7. Has it been replicated? One study - even a good one - is provisional. Replication by independent researchers, ideally in different populations, is what moves a finding from “interesting” to “probably real.” If every claim about a supplement traces back to the same 30-person trial from 2015, the evidence base is thin regardless of how many websites cite it.

The study-type hierarchy: what different designs can and can’t tell you
#

Meta-analyses and systematic reviews sit at the top. They pool results from multiple studies, increasing statistical power and reducing the influence of any single biased trial. A Cochrane review - widely considered the gold standard - is systematic, pre-registered, and conducted by independent researchers. When a Cochrane review says a supplement works (or doesn’t), that’s the strongest evidence available.

Randomized controlled trials (RCTs) are the gold standard for individual studies. Random assignment controls for confounders (known and unknown). Blinding controls for placebo effects and expectation bias. A well-designed RCT can demonstrate causation, not just association. Most supplement trials that get cited are RCTs - but quality varies dramatically.

Observational studies (cohort studies, case-control studies) can show associations at population scale but can’t prove causation. They generate hypotheses. They don’t test them.

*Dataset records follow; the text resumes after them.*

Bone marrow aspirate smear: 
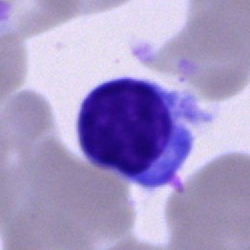
Morphology — lymphocyte.
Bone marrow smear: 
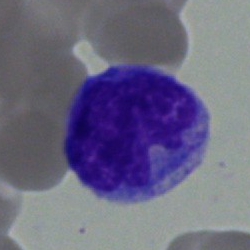 Q: What cell is this?
A: A monocyte.
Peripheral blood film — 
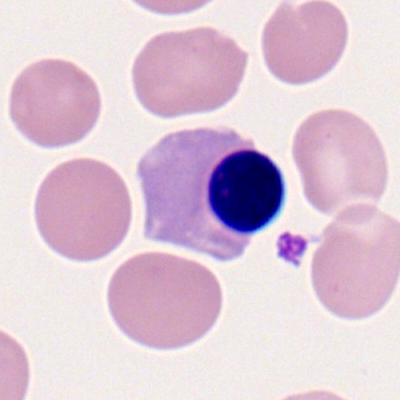Cell type — nucleated red blood cell.
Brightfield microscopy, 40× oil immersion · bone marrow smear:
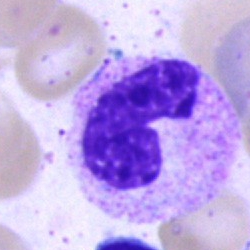Q: What cell is this?
A: This is a stab cell.
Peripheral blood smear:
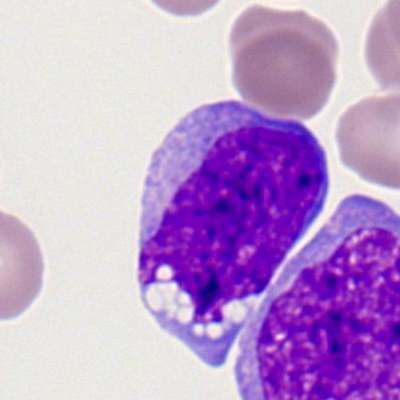

Specimen: peripheral blood smear.
Cell type: monocyte.
Lineage: myeloid.
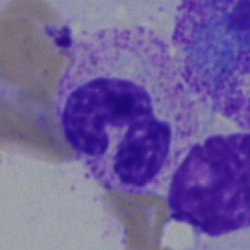
A segmented neutrophil.
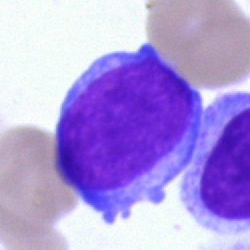

Specimen: bone marrow smear.
Cell: undifferentiated blast.
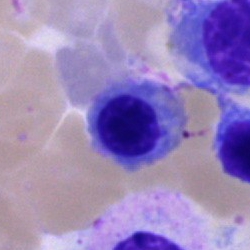Cell type — erythroblast.
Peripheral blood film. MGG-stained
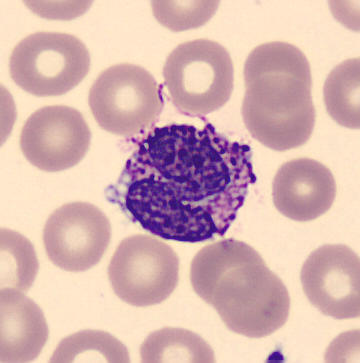 Specimen: peripheral blood smear.
Morphological class: basophil.
Lineage: myeloid.
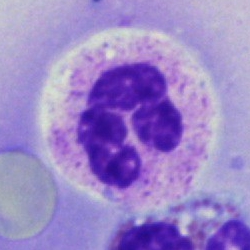Morphology consistent with a polymorphonuclear neutrophil.
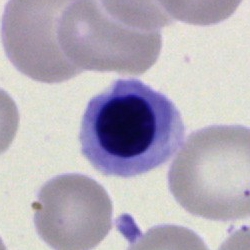

Specimen: bone marrow smear.
Classification: normoblast.
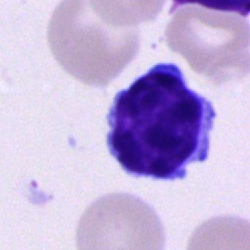
Morphological class = typical lymphocyte.
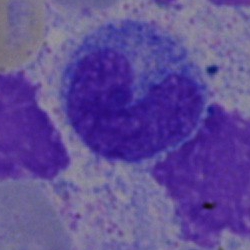Classification — band-form neutrophil.
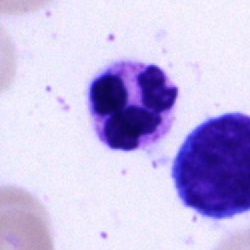Q: What is the morphological classification of this cell?
A: A segmented neutrophil.
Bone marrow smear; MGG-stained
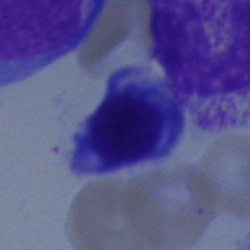
Q: What cell is this?
A: It is a normoblast.
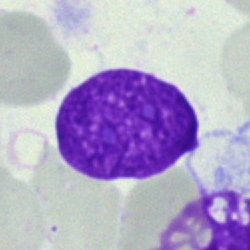
Specimen: bone marrow aspirate smear.
Cell type: artifact.
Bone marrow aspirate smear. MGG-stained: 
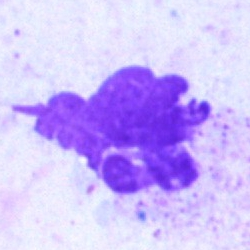
Q: What is shown here?
A: An artifact.
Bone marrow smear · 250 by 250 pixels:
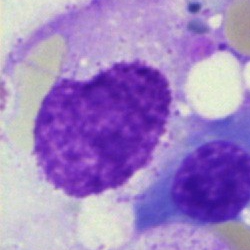
Morphology consistent with an artefact.
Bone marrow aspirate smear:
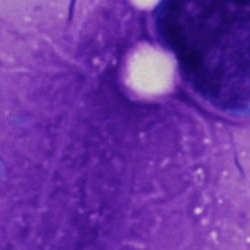

An artifact.
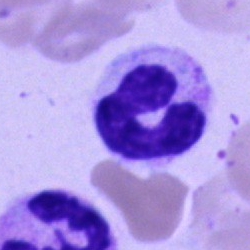 Cell = stab cell.
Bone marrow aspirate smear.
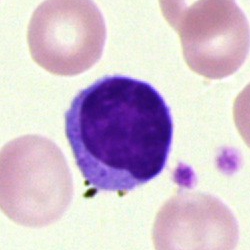 The cell shown is a lymphocyte.
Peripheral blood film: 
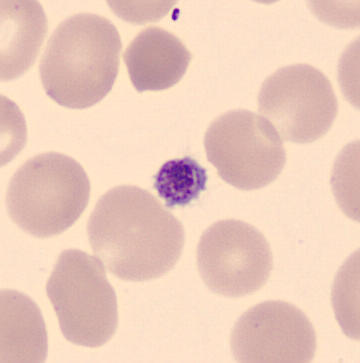 Morphology → thrombocyte.
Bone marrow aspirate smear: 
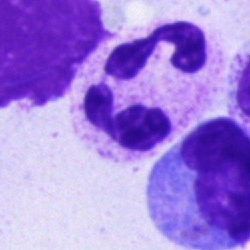

Cell — segmented neutrophil.
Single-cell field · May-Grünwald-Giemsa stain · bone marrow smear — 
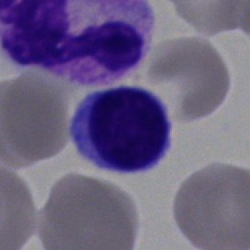
Cell — lymphocyte.
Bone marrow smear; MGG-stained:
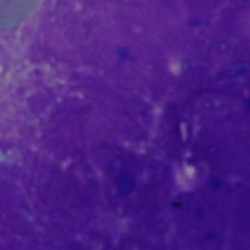

The cell shown is an artefact.
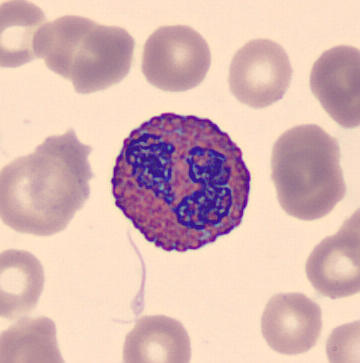This is an eosinophil. Image size 360×363. Cropped to a single cell. Peripheral blood film.
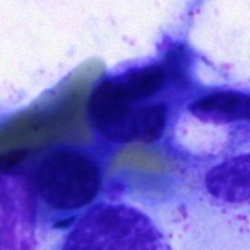
Artifact.
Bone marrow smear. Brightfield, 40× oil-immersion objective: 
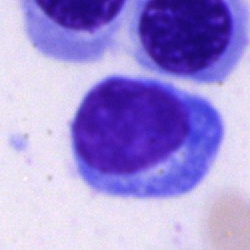
Morphology consistent with a plasmacyte.
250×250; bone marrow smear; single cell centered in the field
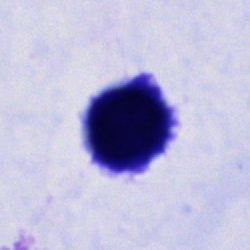
Showing a cell of indeterminate lineage.
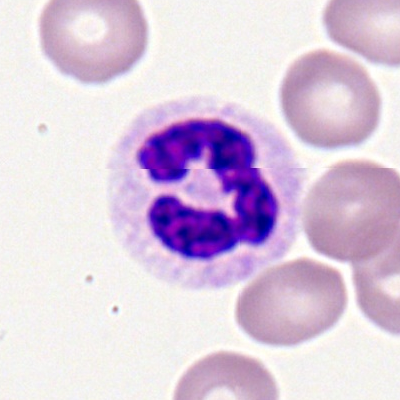 Morphological class = polymorphonuclear neutrophil.
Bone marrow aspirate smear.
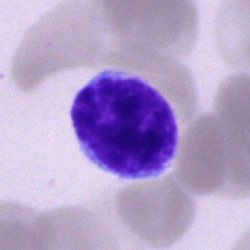Q: What is shown here?
A: It is a typical lymphocyte.
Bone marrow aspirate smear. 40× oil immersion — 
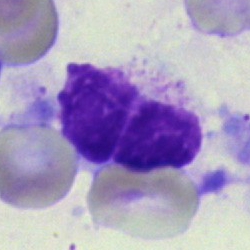
Q: What is shown here?
A: It is an artifact.
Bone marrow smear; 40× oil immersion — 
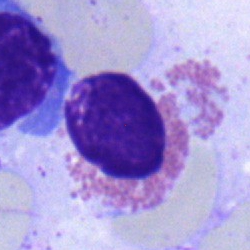The cell shown is an eosinophil.
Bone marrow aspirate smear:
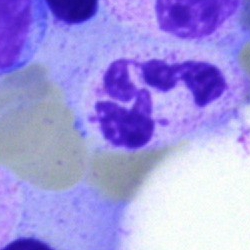 Single cell identified as a segmented neutrophil.
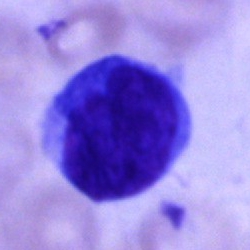
Morphology consistent with a blast.
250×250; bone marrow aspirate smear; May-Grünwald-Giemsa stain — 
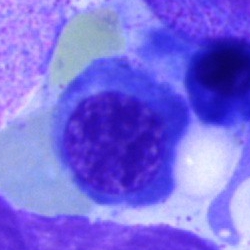Morphology consistent with an erythroblast.
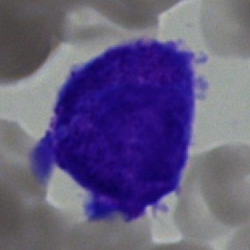

Bone marrow smear showing a blast cell.
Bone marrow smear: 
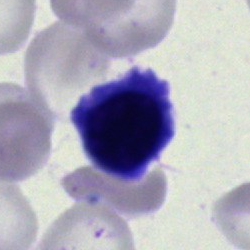 The classification is nucleated red blood cell.
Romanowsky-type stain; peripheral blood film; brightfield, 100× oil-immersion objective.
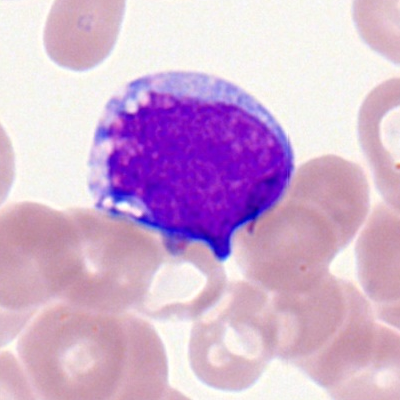

This is a myeloid blast.
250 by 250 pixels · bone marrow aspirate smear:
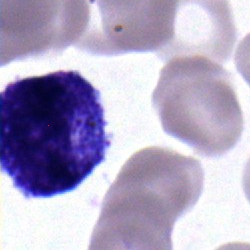The cell shown is a promyelocyte.
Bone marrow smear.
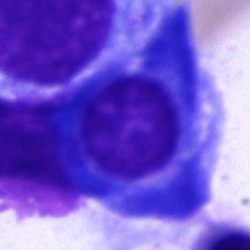Q: What is the morphological classification of this cell?
A: A plasma cell.
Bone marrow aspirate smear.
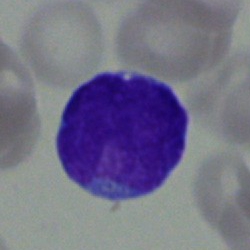
Q: What is the morphological classification of this cell?
A: Blast cell.
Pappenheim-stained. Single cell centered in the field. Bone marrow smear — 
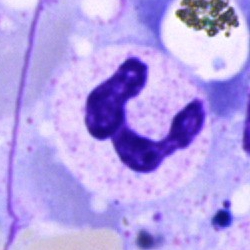 Classification — polymorphonuclear neutrophil.
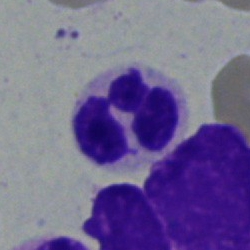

Animal studies and in vitro studies (petri dish, cell culture) generate hypotheses at even earlier stages. A compound that kills cancer cells in a dish or reduces inflammation in mice hasn’t been shown to do anything in humans. Most compounds that look promising in animal models fail in human trials. If the best evidence for a supplement comes from animal studies, the human evidence base doesn’t exist yet.

Case reports and anecdotes are the weakest form of evidence. An individual story of benefit (or harm) can generate hypotheses and detect safety signals. It can’t establish that a supplement works.

Putting it all together: the three questions that matter most
#

You don’t need to evaluate every statistical test in a paper. If you’re looking at a supplement claim, ask three things:

How big was the study? Small studies generate unreliable results. Look for sample sizes in the hundreds, not the dozens.

How big was the effect? The supplement industry loves statistical significance. You want clinical significance: an effect large enough that someone would notice. Ask for the actual numbers.

Who paid for it? Industry funding isn’t disqualifying, but it’s a reason to look for independent replication. If every positive study on a supplement was funded by the company that sells it, and the independent studies are all negative or null, the pattern tells you something.

The answers to those three questions will tell you more than the headline ever will. A supplement doesn’t need to be a miracle to be useful. But it does need evidence, and evidence is something you can learn to see for yourself.